Le novità, contenute nella risoluzione e puntualizzate in una
relazione ad essa allegate, frutto anche di una
collaborazione con l'Università degli Studi di Firenze
(Corso di laurea in Analisi e politiche dello sviluppo locale
e regionale, insegnamento di 'Diritto degli enti locali e
regionali comparati') e Rete Sviluppo s.c., sono state
illustrate stamani dal Presidente della Commissione Speciale
Federico Tondi, dal Presidente della Provincia Andrea
Barducci e dai rappresentanti delle forze elette
nell'Assemblea di Palazzo Medici Riccardi.
In caso di ipotesi esclusivamente fiorentina, la proposta
della Commissione speciale prevede che i cinque attuali
Quartieri di Firenze assumano lo status di Municipalità
garantendo così un rapporto diretto tra cittadino e
Istituzione per le questioni ordinarie e più semplici.
Il Consiglio metropolitano dovrà essere eletto a suffragio
universale diretto sulla base di collegi uninominali secondo
l'attuale sistema elettorale, garantendo adeguata
rappresentatività a tutti i territori dell'attuale
provincia. Elezione diretta del Sindaco metropolitano.
"Ci sono margini per poter operare almeno una parte delle
nostre proposte - spiega Tondi - Siamo pronti di fronte alle
norme imposte per decreto legge, il 95 del 6 luglio 2012, dal
Governo Monti e dunque solo al momento della conversione si
potrà conoscere l'assetto definitivo delle riforme ad
oggi provvisoriamente in essere".
Il Consiglio provinciale ritiene che "il tempo che ci separa
dalla fine dell'attuale mandato amministrativo debba
essere sfruttato per approfondire l'interlocuzione con
tutti i soggetti istituzionali coinvolti in questa storica
trasformazione dell'ente intermedio. Ci riferiamo in
particolare a Comune di Firenze, Comuni della Provincia,
Regione Toscane, province di Prato e Pistoia".

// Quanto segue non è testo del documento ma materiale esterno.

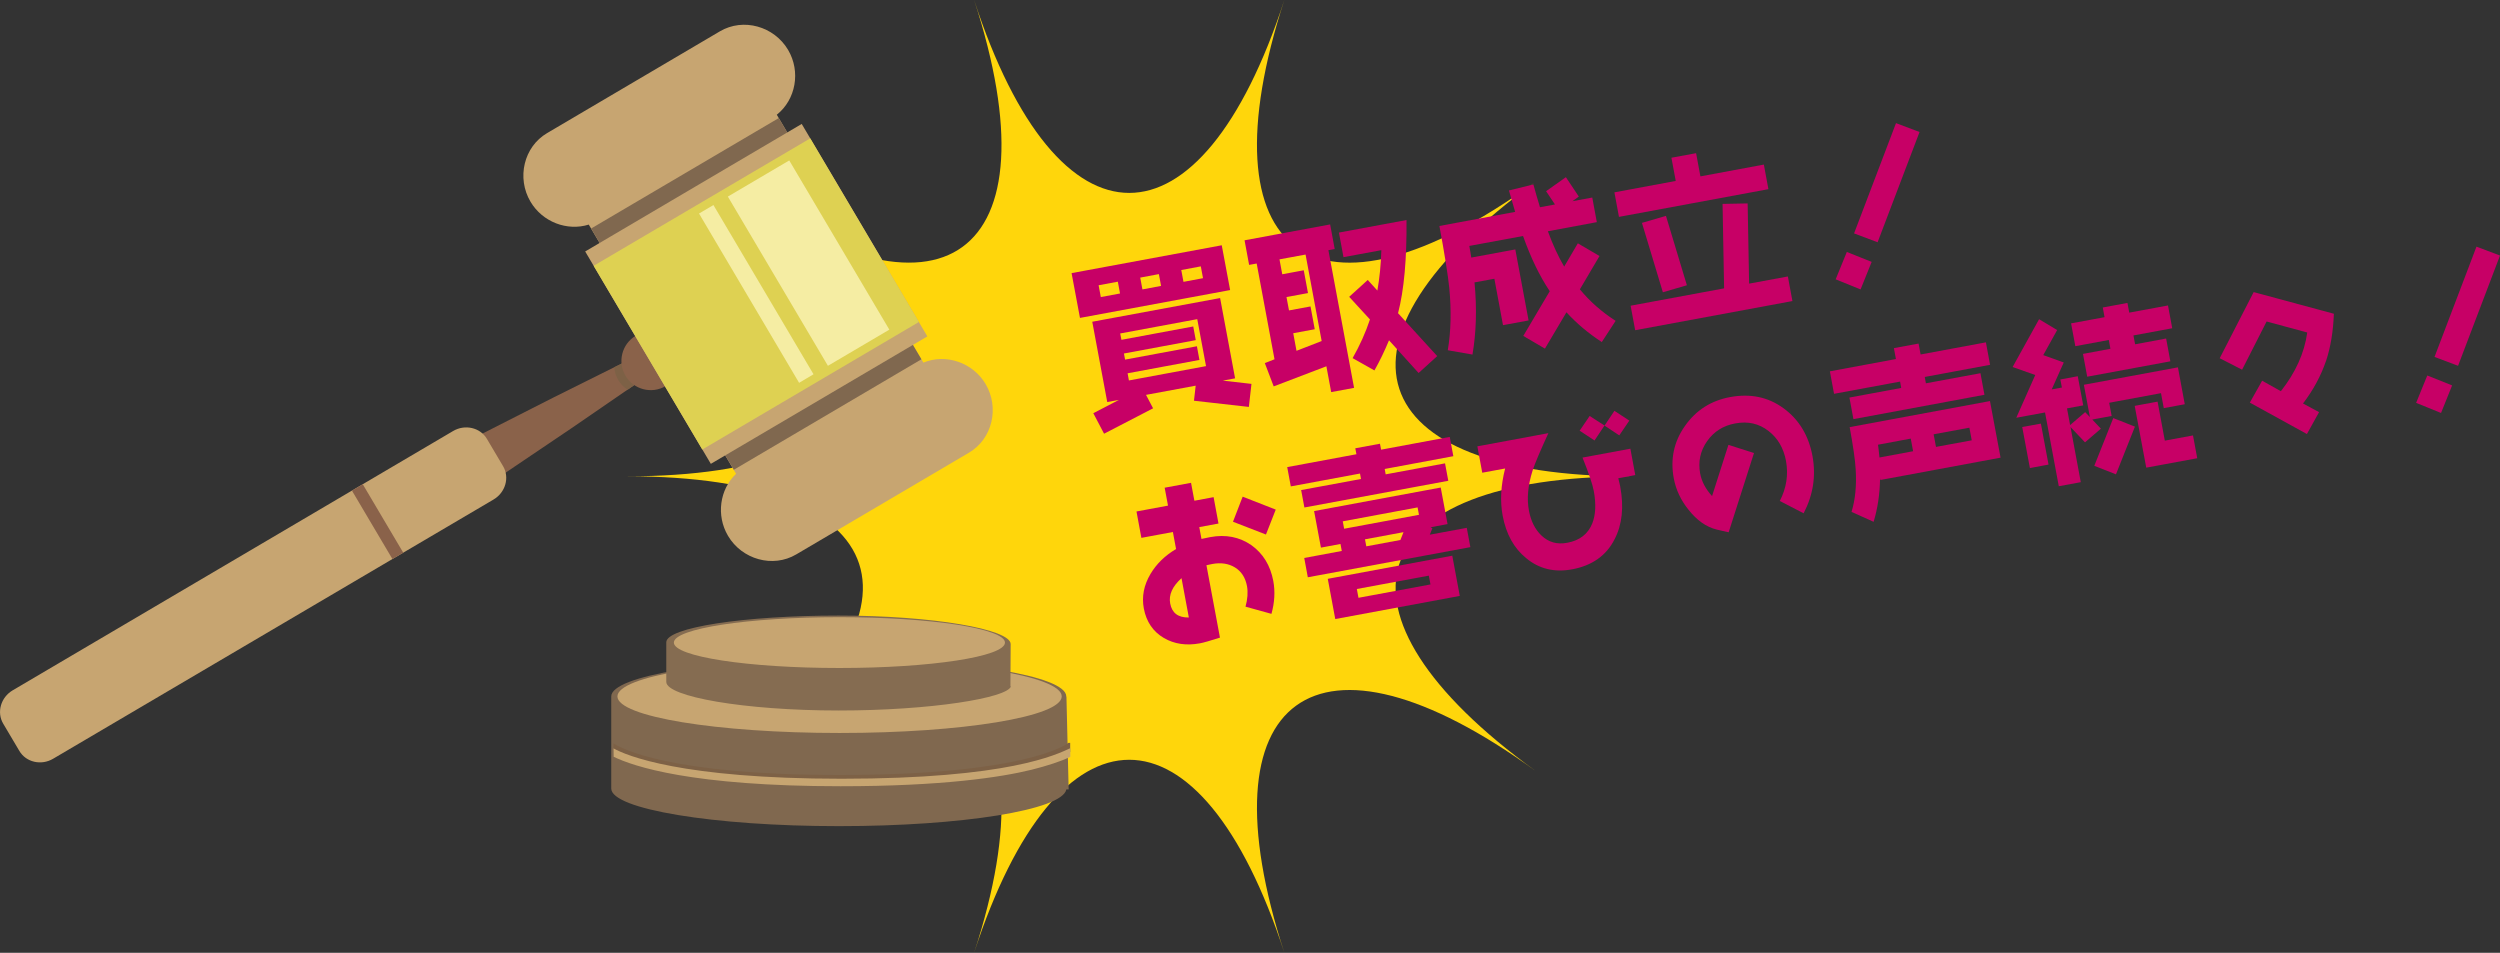 <?xml version="1.0" encoding="UTF-8"?><svg id="_レイヤー_2" xmlns="http://www.w3.org/2000/svg" width="307" height="117" viewBox="0 0 307 117"><rect x="0" y="0" width="307" height="117" fill="#333333" stroke="none"/><defs><style>.cls-1{fill:#f5eda3;}.cls-2{fill:#ffd60b;}.cls-3{fill:#856c51;}.cls-4{fill:#ded152;}.cls-5{fill:#c70066;}.cls-6{fill:#8a624a;}.cls-7{fill:#c7a571;}.cls-8{fill:#7d6146;}.cls-9{fill:#80684f;}</style></defs><g id="_コンテンツ"><path class="cls-2" d="m157.72,117c-10.29-31.6,3.88-41.88,30.82-22.35-26.94-19.53-21.52-36.15,11.77-36.15-33.3,0-38.71-16.63-11.77-36.16-26.94,19.53-41.11,9.25-30.82-22.35-10.29,31.6-27.81,31.6-38.1,0,10.29,31.6-3.88,41.87-30.82,22.35,26.94,19.53,21.52,36.15-11.77,36.15,33.3,0,38.71,16.63,11.77,36.16,26.94-19.53,41.11-9.25,30.82,22.35,10.29-31.6,27.81-31.6,38.1,0Z"/><path class="cls-9" d="m75.06,85.52c0-2.53,12.56-4.58,27.96-4.58,15.4,0,27.92,2.05,27.92,4.58,0,.01.03.07.02.08l.27,11.34h-.28c-.49,2.53-12.85,4.51-27.93,4.51-15.4,0-27.96-2.09-27.96-4.62v-11.31Z"/><path class="cls-7" d="m75.82,85.52c0,2.48,12.21,4.49,27.28,4.49s27.28-2.01,27.28-4.49-12.21-4.49-27.28-4.49c-15.06,0-27.28,2.01-27.28,4.49Z"/><path class="cls-6" d="m88.92,38.51c-7.04,3.34-13.99,6.83-20.95,10.3l-10.39,5.28-10.33,5.4c-3.43,1.81-6.96,3.46-10.45,5.19-3.49,1.73-6.84,3.67-10.05,5.86-3.21,2.19-6.34,4.51-9.38,7.01-3.02,2.51-5.98,5.13-8.68,8.18-.17.19-.15.48.04.65.11.1.27.13.4.1,3.99-.88,7.71-2.2,11.38-3.62,3.65-1.44,7.21-3.05,10.68-4.8,3.48-1.74,6.81-3.73,10.01-5.94,3.2-2.21,6.35-4.5,9.61-6.62l9.73-6.41,9.66-6.52c6.41-4.4,12.83-8.78,19.17-13.31.2-.14.24-.41.1-.61-.13-.17-.36-.23-.55-.14Z"/><path class="cls-8" d="m82.54,44.07c-1.82,1.27-3.65,2.53-5.47,3.79-.45-.29-.85-.69-1.15-1.19-.29-.5-.45-1.04-.49-1.57,1.99-.99,3.98-1.97,5.97-2.95.28.24.52.53.72.87.2.34.33.69.41,1.05Z"/><path class="cls-6" d="m78.08,41.22c-1.71,1.01-2.28,3.21-1.27,4.92,1.01,1.71,3.22,2.28,4.93,1.27,1.71-1.01,2.28-3.21,1.27-4.92-1.01-1.71-3.22-2.28-4.93-1.27Z"/><path class="cls-7" d="m96.78,6.13c1.57,2.66.95,6.1-1.39,7.96l18,30.44c2.76-1.14,6.08-.02,7.65,2.64,1.71,2.9.83,6.73-2.05,8.42l-21.21,12.49c-2.88,1.7-6.67.62-8.38-2.28-1.48-2.51-1.02-5.7.99-7.62l-18.09-30.6c-2.65.83-5.68-.31-7.16-2.82-1.71-2.9-.83-6.73,2.05-8.42l21.21-12.49c2.88-1.7,6.67-.62,8.38,2.28Z"/><polygon class="cls-9" points="90.11 57.69 72.59 28.06 95.63 14.5 113.15 44.12 90.11 57.69"/><polygon class="cls-7" points="71.86 30.88 87.29 56.96 113.88 41.31 98.45 15.22 71.86 30.88"/><polygon class="cls-4" points="72.9 32.64 86.24 55.2 112.84 39.54 99.5 16.99 72.9 32.64"/><polygon class="cls-1" points="89.38 24.14 101.67 44.92 109.21 40.48 96.92 19.7 89.38 24.14"/><polygon class="cls-1" points="85.84 26.22 98.13 47.01 99.9 45.96 87.61 25.18 85.84 26.22"/><path class="cls-7" d="m1.56,84.77c-1.46.86-1.99,2.7-1.17,4.09l1.99,3.36c.82,1.39,2.69,1.82,4.15.95l54.08-31.83c1.46-.86,1.99-2.7,1.17-4.09l-1.99-3.36c-.82-1.39-2.69-1.82-4.15-.96L1.56,84.77Z"/><polygon class="cls-6" points="43.22 60.25 48.19 68.65 49.52 67.87 44.55 59.47 43.22 60.25"/><path class="cls-8" d="m131.43,92.34c-1.13.56-2.91,1.2-4.97,1.72-3.73.93-10.89,2.03-23.26,2.03-18.8,0-25.78-2.65-27.85-3.76,0-.35-.02-.71-.02-1.05.92.61,6.87,3.89,27.76,3.89,22.7,0,27.82-3.71,28.08-3.93,0,0-.32,0,.25-.02v1.11Z"/><path class="cls-3" d="m81.82,78.87c0-1.81,9.53-3.28,21.17-3.28s21.12,1.69,21.12,3.5c0,.09-.03,5.2-.03,5.2h.06c-.42,1.41-9.78,2.96-21.15,2.96-11.64,0-21.17-1.71-21.17-3.51v-4.87Z"/><path class="cls-7" d="m131.43,91.88v1.07c-1.13.53-2.85,1.1-4.74,1.57-3.76.93-10.99,2.03-23.48,2.03-18.25,0-25.47-2.45-27.85-3.62,0-.34-.02-.69-.02-1.03,1.55.88,8.33,3.73,28,3.73,20.56,0,26.4-2.98,28.09-3.75Z"/><path class="cls-7" d="m82.75,78.91c0,1.72,9.1,3.12,20.33,3.12s20.33-1.4,20.33-3.12-9.1-3.12-20.33-3.12c-11.23,0-20.33,1.4-20.33,3.12Z"/><path class="cls-5" d="m132.62,39.04l-1.03-5.5,18.44-3.42,1.03,5.5-18.44,3.42Zm20.74,10.93l-6.74-.76.21-1.85-6.1,1.13.87,1.65-6.02,3.12-1.32-2.52,3.14-1.63-1.43.26-1.84-9.86,15.7-2.91,1.84,9.86-1.51.28,3.52.4-.32,2.83Zm-16.09-15.38l-2.36.44.27,1.45,2.36-.44-.27-1.45Zm9.76,4.6l-9.47,1.76.15.78,8.82-1.64.31,1.68-8.82,1.64.14.75,8.82-1.64.31,1.68-8.82,1.64.16.88,9.47-1.76-1.08-5.78Zm-4.72-5.53l-2.29.43.27,1.45,2.29-.43-.27-1.45Zm5.15-.95l-2.4.45.27,1.45,2.4-.45-.27-1.45Z"/><path class="cls-5" d="m163.13,30.74l3.15,16.89-2.81.52-.59-3.17-6.47,2.47-1.09-2.86,1.19-.47-2.19-11.76-.93.17-.56-3.02,10.51-1.95.56,3.02-.76.14Zm-2.81.52l-3.2.59.34,1.83,2.64-.49.52,2.8-2.64.49.31,1.64,2.64-.49.52,2.8-2.64.49.4,2.16,3.09-1.2-1.98-10.64Zm13.88,14.54l-3.63-4.01c-.51,1.23-1.1,2.48-1.79,3.7l-2.68-1.51c.89-1.57,1.6-3.15,2.13-4.75l-2.55-2.78,2.28-2.07,1.18,1.3c.27-1.52.44-3.18.49-4.96l-4.65.86-.56-3.02,8.3-1.54c.04,4.79-.3,8.6-1.04,11.44l4.81,5.27-2.28,2.07Z"/><path class="cls-5" d="m196.71,42.01c-1.66-1.08-3.11-2.3-4.35-3.66l-2.64,4.46-2.66-1.56,3.25-5.49c-1.24-1.85-2.33-4.1-3.28-6.78l-6.6,1.22c.09.5.18.97.24,1.43l5.41-1,1.63,8.72-3.14.58-1.06-5.7-2.44.45c.31,3.22.21,6.17-.25,8.86l-3.03-.53c.39-2.33.45-4.88.18-7.67-.16-1.56-.56-4.09-1.21-7.59l9.3-1.73-.76-2.63,3-.74c.23.87.51,1.8.81,2.8l1.84-.34-1.09-1.63,2.43-1.72,1.59,2.38-.79.57,2.44-.45.56,3.02-6.01,1.12c.6,1.65,1.27,3.09,2,4.34l1.68-2.86,2.66,1.56-2.41,4.09c1.22,1.49,2.69,2.78,4.39,3.87l-1.69,2.59Z"/><path class="cls-5" d="m198.81,26.64l-.56-3.02,7.53-1.4-.53-2.85,3.03-.56.53,2.85,7.79-1.45.56,3.02-18.34,3.4Zm1.99,13.92l-.56-3.02,11.48-2.13-.19-10.37,3.08-.06.18,9.85,4.76-.88.56,3.02-19.31,3.58Zm3.4-4.67l-2.57-8.52,2.95-.86,2.57,8.52-2.95.86Z"/><path class="cls-5" d="m228.47,35.54l-3.05-1.24,1.37-3.36,3.05,1.22-1.36,3.38Zm2.1-5.79l-2.89-1.09,5.15-13.54,2.89,1.09-5.15,13.54Z"/><path class="cls-5" d="m156.13,75.38l-3.18-.88c.25-.92.32-1.76.18-2.53-.2-1.06-.7-1.81-1.48-2.29-.78-.48-1.73-.62-2.79-.42-.24.04-.48.09-.71.15l1.66,8.89c-1.2.38-2.01.62-2.46.7-1.67.31-3.14.09-4.42-.65-1.33-.78-2.16-1.99-2.47-3.63-.27-1.45,0-2.86.82-4.24.73-1.23,1.77-2.25,3.14-3.06l-.39-2.09-3.87.72-.6-3.24,3.87-.72-.41-2.2,3.24-.6.41,2.2,2.36-.44.6,3.24-2.36.44.27,1.45c.62-.14.97-.2,1.06-.22,1.93-.36,3.6-.02,5.06.98,1.44,1.03,2.34,2.49,2.7,4.41.24,1.29.16,2.65-.23,4.04Zm-11.04-4.38c-1.13,1.01-1.59,2.06-1.39,3.11.22,1.17.97,1.74,2.29,1.72l-.9-4.83Zm10.37-5.36l-4.05-1.57,1.19-3.08,4.06,1.59-1.2,3.06Z"/><path class="cls-5" d="m170.04,57.58l.12.67,7.29-1.35.4,2.14-17.67,3.28-.4-2.14,7.35-1.36-.12-.67-8.5,1.58-.44-2.37,8.5-1.58-.14-.73,3.03-.56.14.73,8.43-1.57.44,2.37-8.43,1.57Zm-9.44,13.31l-.44-2.37,4.61-.86-.16-.86-2.4.45-.84-4.49,15.55-2.89.84,4.49-2.1.39.24.11-.32.8,4.54-.84.44,2.37-19.96,3.7Zm3.37,5.13l-.92-4.94,15.29-2.84.92,4.94-15.29,2.84Zm10.11-13.71l-9.19,1.71.17.91,9.19-1.71-.17-.91Zm1.38,8.38l-8.84,1.64.2,1.08,8.84-1.64-.2-1.08Zm-7.84-4.46l.16.86,4.19-.78.38-.96-4.74.88Z"/><path class="cls-5" d="m198.73,58.75c.09.38.18.7.23.98.47,2.52.25,4.69-.69,6.49-1.01,2-2.75,3.23-5.2,3.69-2.18.41-4.08-.05-5.67-1.38-1.5-1.22-2.45-2.96-2.87-5.18-.34-1.81-.23-3.75.3-5.82l-2.81.52-.6-3.24,8.72-1.62c-1,2.19-1.66,3.72-1.94,4.6-.58,1.83-.72,3.46-.45,4.9.24,1.29.75,2.32,1.53,3.06.87.84,1.93,1.14,3.19.9,1.51-.28,2.53-1.07,3.05-2.35.43-1.06.49-2.39.2-3.99-.15-.82-.61-2.19-1.39-4.12l5.88-1.09.6,3.24-2.08.39Zm.11-5.29l-1.81-1.2-1.22,1.83-1.83-1.2,1.23-1.81,1.83,1.18,1.21-1.81,1.83,1.2-1.23,1.81Z"/><path class="cls-5" d="m221.48,63.03l-2.92-1.51c.82-1.6,1.07-3.23.76-4.92-.29-1.57-1.01-2.8-2.14-3.67-1.18-.92-2.53-1.23-4.11-.93-1.47.27-2.61,1-3.44,2.18-.83,1.18-1.12,2.51-.85,3.97.18.97.66,1.89,1.46,2.77l2.01-6.29,3.14,1-3.11,9.73c-.46-.09-.95-.2-1.47-.33-1.29-.32-2.43-1.13-3.45-2.42-.96-1.18-1.56-2.48-1.82-3.86-.44-2.35,0-4.51,1.37-6.44,1.34-1.92,3.2-3.12,5.56-3.55,2.49-.46,4.68,0,6.57,1.39,1.89,1.39,3.06,3.34,3.53,5.84.45,2.44.09,4.78-1.08,7.03Z"/><path class="cls-5" d="m236.36,46.29l.14.78,6.7-1.24.49,2.65-16.09,2.99-.49-2.65,6.36-1.18-.14-.78-8.11,1.5-.51-2.76,8.11-1.51-.25-1.34,3.03-.56.25,1.34,8.02-1.49.51,2.76-8.02,1.49Zm-5.45,12.66l-.04-.24c-.02,1.92-.29,3.71-.79,5.37l-2.71-1.22c.46-1.51.63-3.24.51-5.21-.07-1.21-.33-2.95-.74-5.2l17.23-3.2,1.3,6.95-14.75,2.74Zm3.73-5.09l-4.02.75c.04.35.12.87.18,1.57l4.13-.77-.29-1.55Zm7.2-1.34l-4.39.81.29,1.55,4.39-.81-.29-1.55Z"/><path class="cls-5" d="m265.71,50.11l-.34-1.83-6.36,1.18.3,1.62-2.38.44,1.06,1.12-1.95,1.68-1.78-1.88,1.26,6.77-2.7.5-1.69-9.06-3.53.65,2.33-5.25-2.78-.98,3.25-5.87,2.22,1.33-1.71,3.08,2.52.9-1.48,3.31,1.25-.23-.19-.99,2.14-.4.67,3.58-1.99.37.38,2.05,1.85-1.59.58.61-.74-3.97,11.55-2.14.84,4.53-2.59.48Zm-16.44,7.36l-.94-5.03,2.29-.42.94,5.03-2.29.43Zm12.72-16.27l.2,1.08,3.81-.71.52,2.8-10.21,1.89-.52-2.8,3.37-.63-.2-1.08-4.11.76-.52-2.8,4.11-.76-.22-1.19,3.03-.56.22,1.19,4.76-.88.52,2.8-4.76.88Zm-2.15,17.05l-2.66-1.05,2.33-5.86,2.66,1.05-2.33,5.86Zm3.72-.82l-1.42-7.59,2.81-.52.89,4.79,3.46-.64.52,2.8-6.27,1.16Z"/><path class="cls-5" d="m285.62,44.36c-.61,1.79-1.54,3.52-2.81,5.19l1.97,1.06-1.49,2.69-7.01-3.86,1.51-2.69,2.3,1.29c1.79-2.27,2.89-4.67,3.24-7.21l-4.99-1.35-3.01,5.92-2.75-1.41,4.17-8.12,9.85,2.66c-.08,2.2-.41,4.14-.97,5.83Z"/><path class="cls-5" d="m299.75,50.71l-3.05-1.24,1.37-3.36,3.05,1.22-1.36,3.38Zm2.1-5.79l-2.89-1.09,5.15-13.54,2.89,1.09-5.15,13.54Z"/></g></svg>

Dunque la Provincia di Firenze ha operato in direzione della
Città metropolitana ben prima che il decreto legge del 6
luglio 2012, n. 95, prevedesse l'istituzione del nuovo
Ente entro il gennaio 2014.
"Con il lavoro svolto in Commissione - conclude Tondi -
offriamo al Presidente Barducci, che tanto e con lungimiranza
ha lavorato su questa prospettiva, uno strumento serio da
utilizzare negli incontri con il Governo".